Monitoring with Cloud Audit Logs
Vertex AI operations are logged to Cloud Audit Logs under aiplatform.googleapis.com. Create a log-based metric for unusual prediction volume:
gcloud logging metrics create vertex-prediction-spike \
--description="Spike in Vertex AI prediction requests" \
--log-filter='protoPayload.serviceName="aiplatform.googleapis.com" AND protoPayload.methodName="PredictionService.Predict"'
Cross-Provider Hardening
Regardless of which AI provider you use, the following controls apply:
Spend alerts before security alerts. AI inference abuse shows up in cost data faster than in security logs. Set billing anomaly alerts at 150% of your typical daily spend with immediate notification to your security team. For AWS, GCP, and Azure this takes ten minutes to configure and is the fastest detection control available.
Rotate credentials on any suspected exposure. AI API keys should be treated like passwords — rotate immediately on any indication of exposure. Unlike database passwords, rotation is typically instant and zero-downtime with the two-key patterns all providers support.
Audit your RAG architecture for context bleed. If your application uses retrieval-augmented generation, map what data gets included in model context windows. Any data inserted into prompts can be extracted by an attacker with API access.

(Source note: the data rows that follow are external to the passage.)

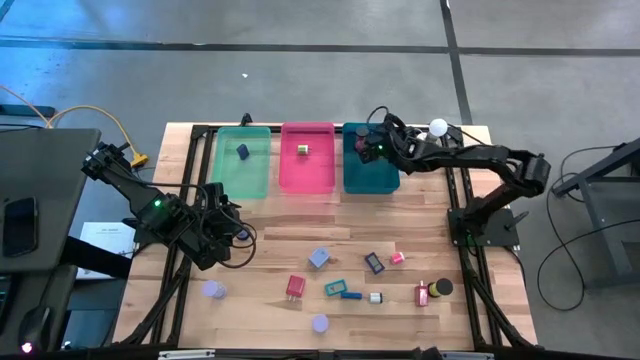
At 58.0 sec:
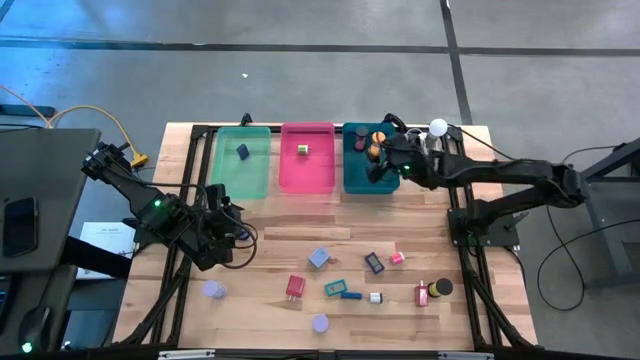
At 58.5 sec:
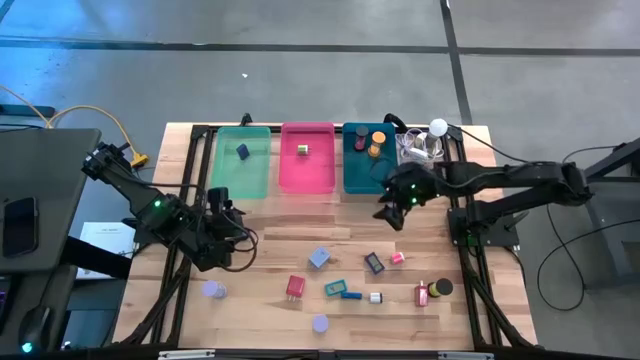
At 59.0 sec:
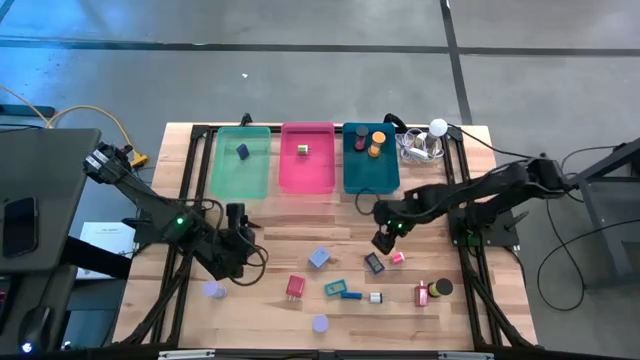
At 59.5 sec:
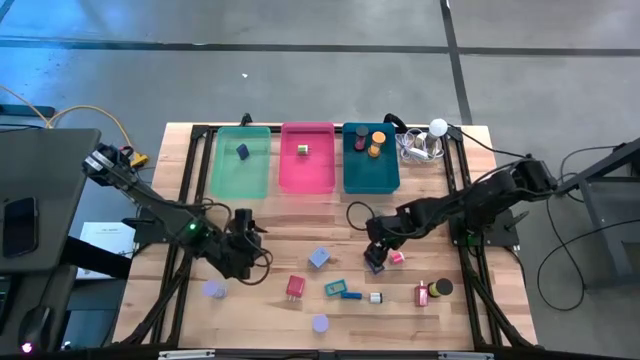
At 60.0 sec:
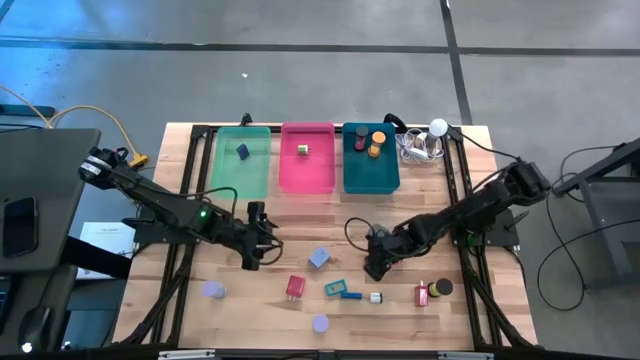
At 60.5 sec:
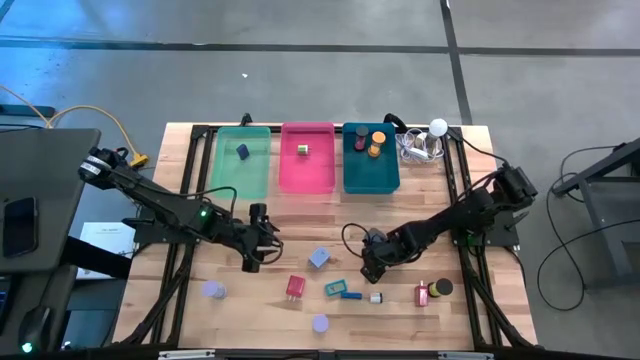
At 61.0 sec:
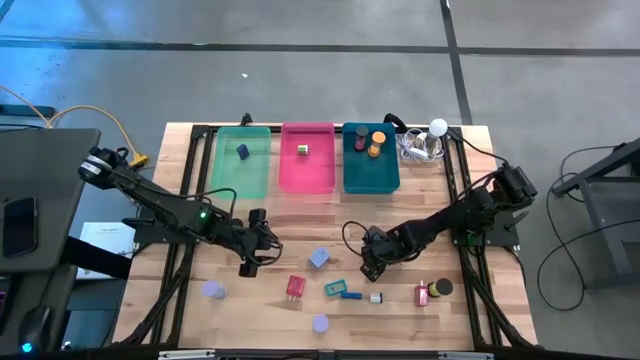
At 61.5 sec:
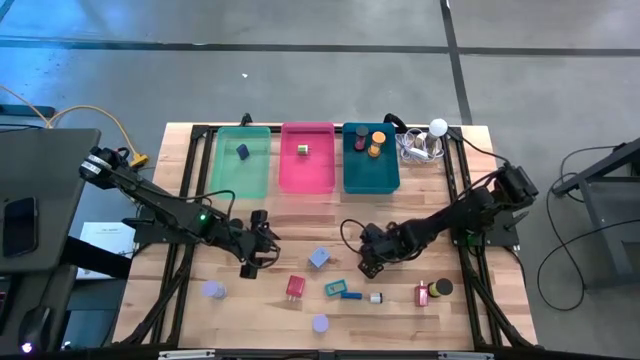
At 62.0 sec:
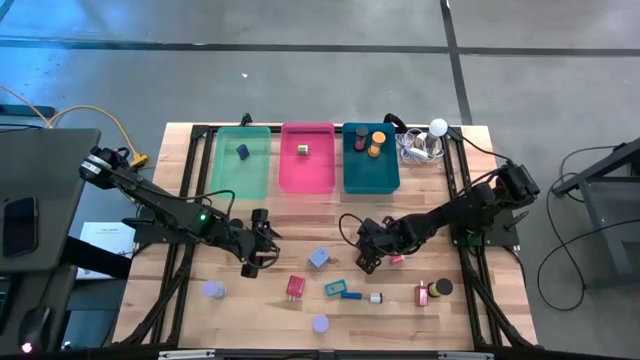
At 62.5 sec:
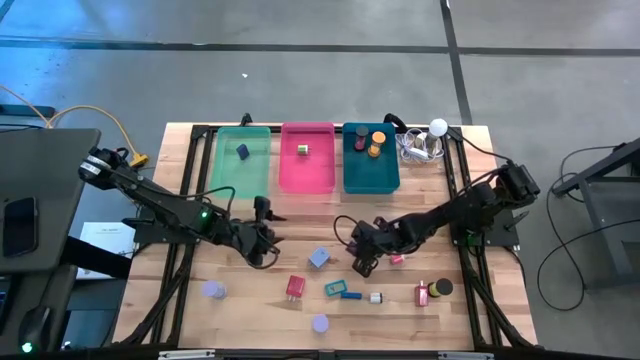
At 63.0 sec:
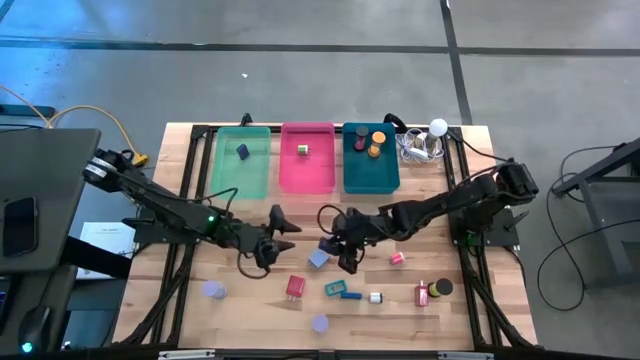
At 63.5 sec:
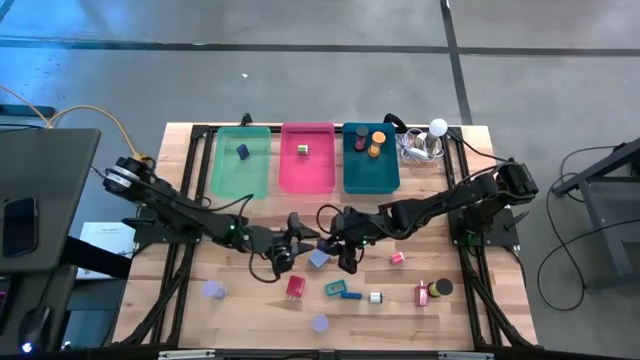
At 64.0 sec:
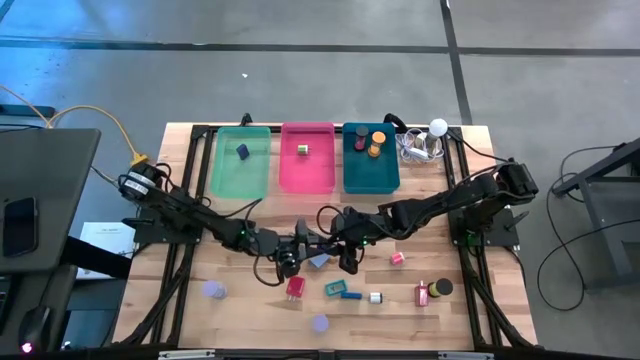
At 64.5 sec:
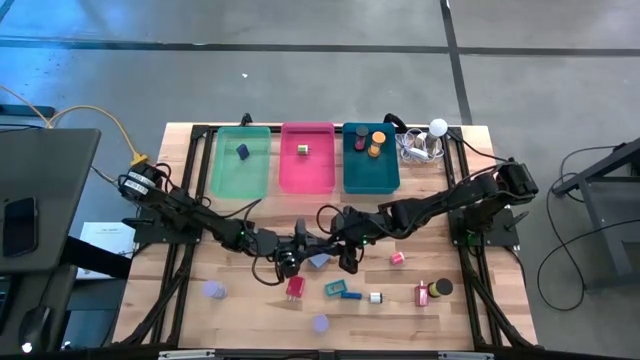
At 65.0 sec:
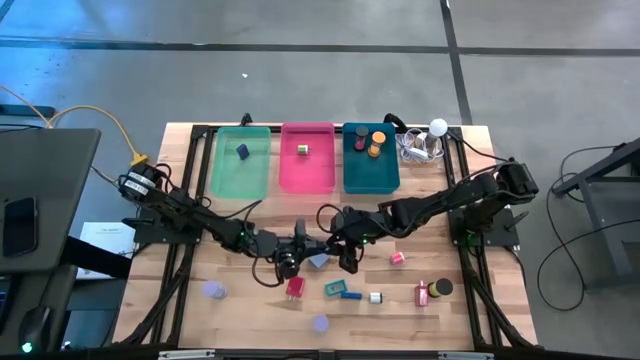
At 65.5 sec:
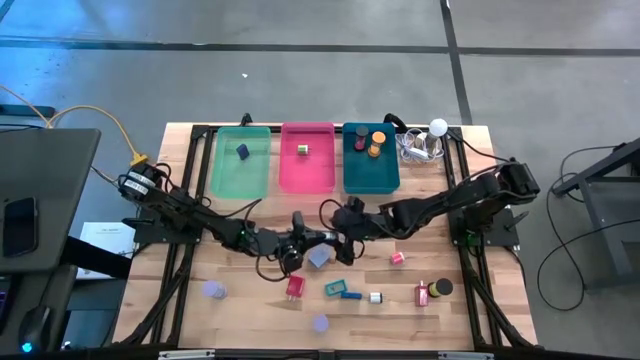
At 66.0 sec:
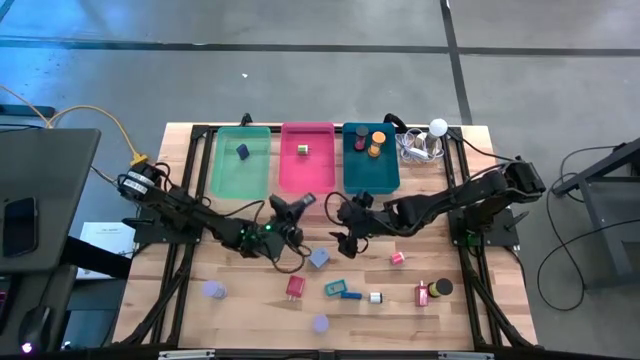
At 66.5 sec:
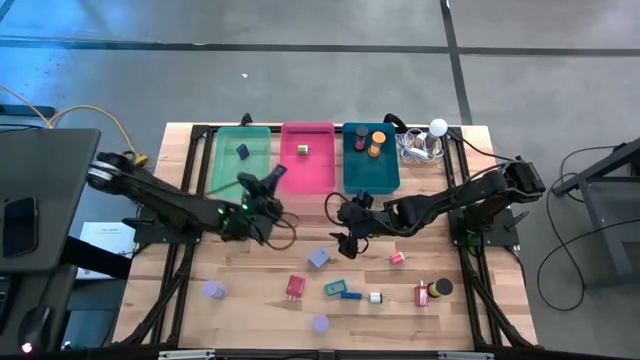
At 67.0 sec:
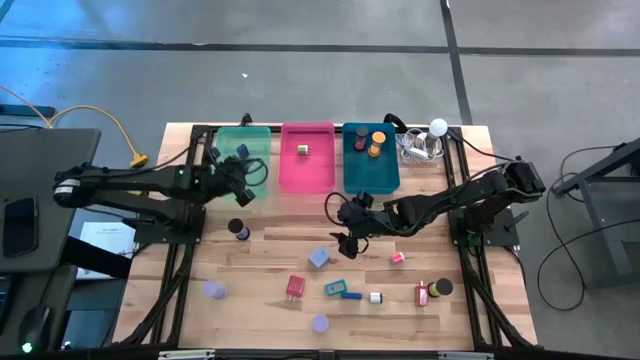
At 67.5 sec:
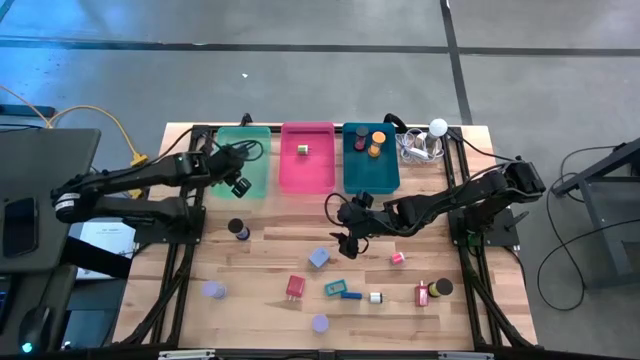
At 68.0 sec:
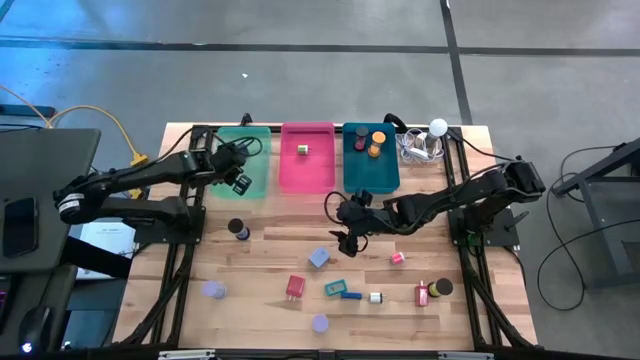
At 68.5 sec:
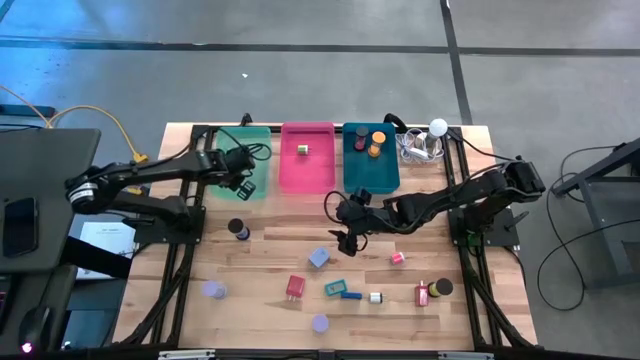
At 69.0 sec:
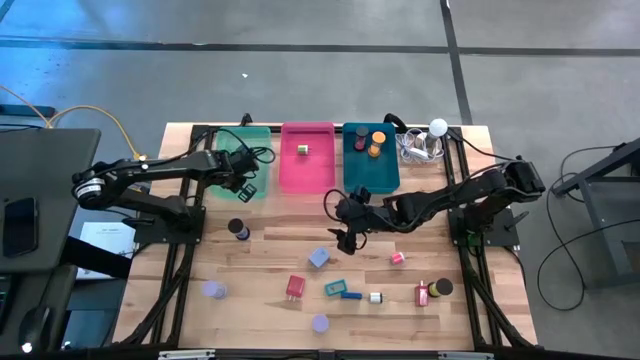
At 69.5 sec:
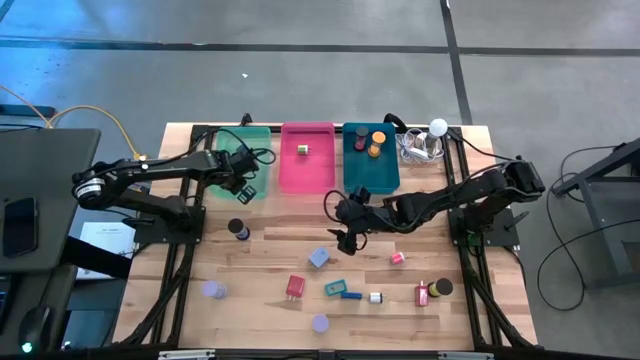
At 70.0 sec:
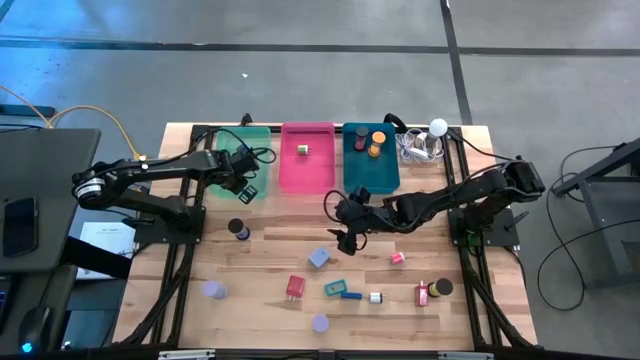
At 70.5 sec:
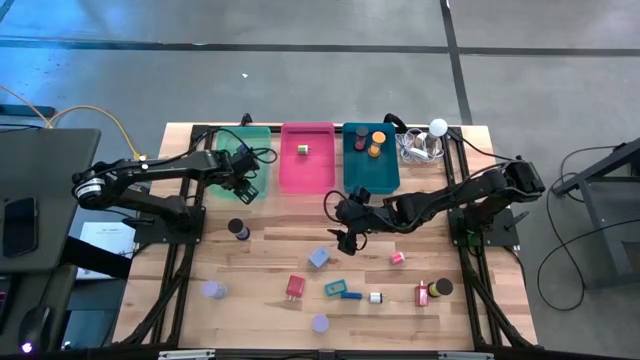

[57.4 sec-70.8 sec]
Task: Pick & Place Office items
Put the top dark blue digital timer into the green bin

Apply data classification to your retrieval pipeline and ensure personally identifiable or sensitive commercial data has appropriate access controls on the retrieval layer, not just the model layer.
Log prompt inputs, not just API calls. Standard API call logging tells you a request was made. For incident response, you need to know what was in the prompt. Enable extended logging that captures request content (with appropriate data handling controls) so you can reconstruct what an attacker was doing with your key.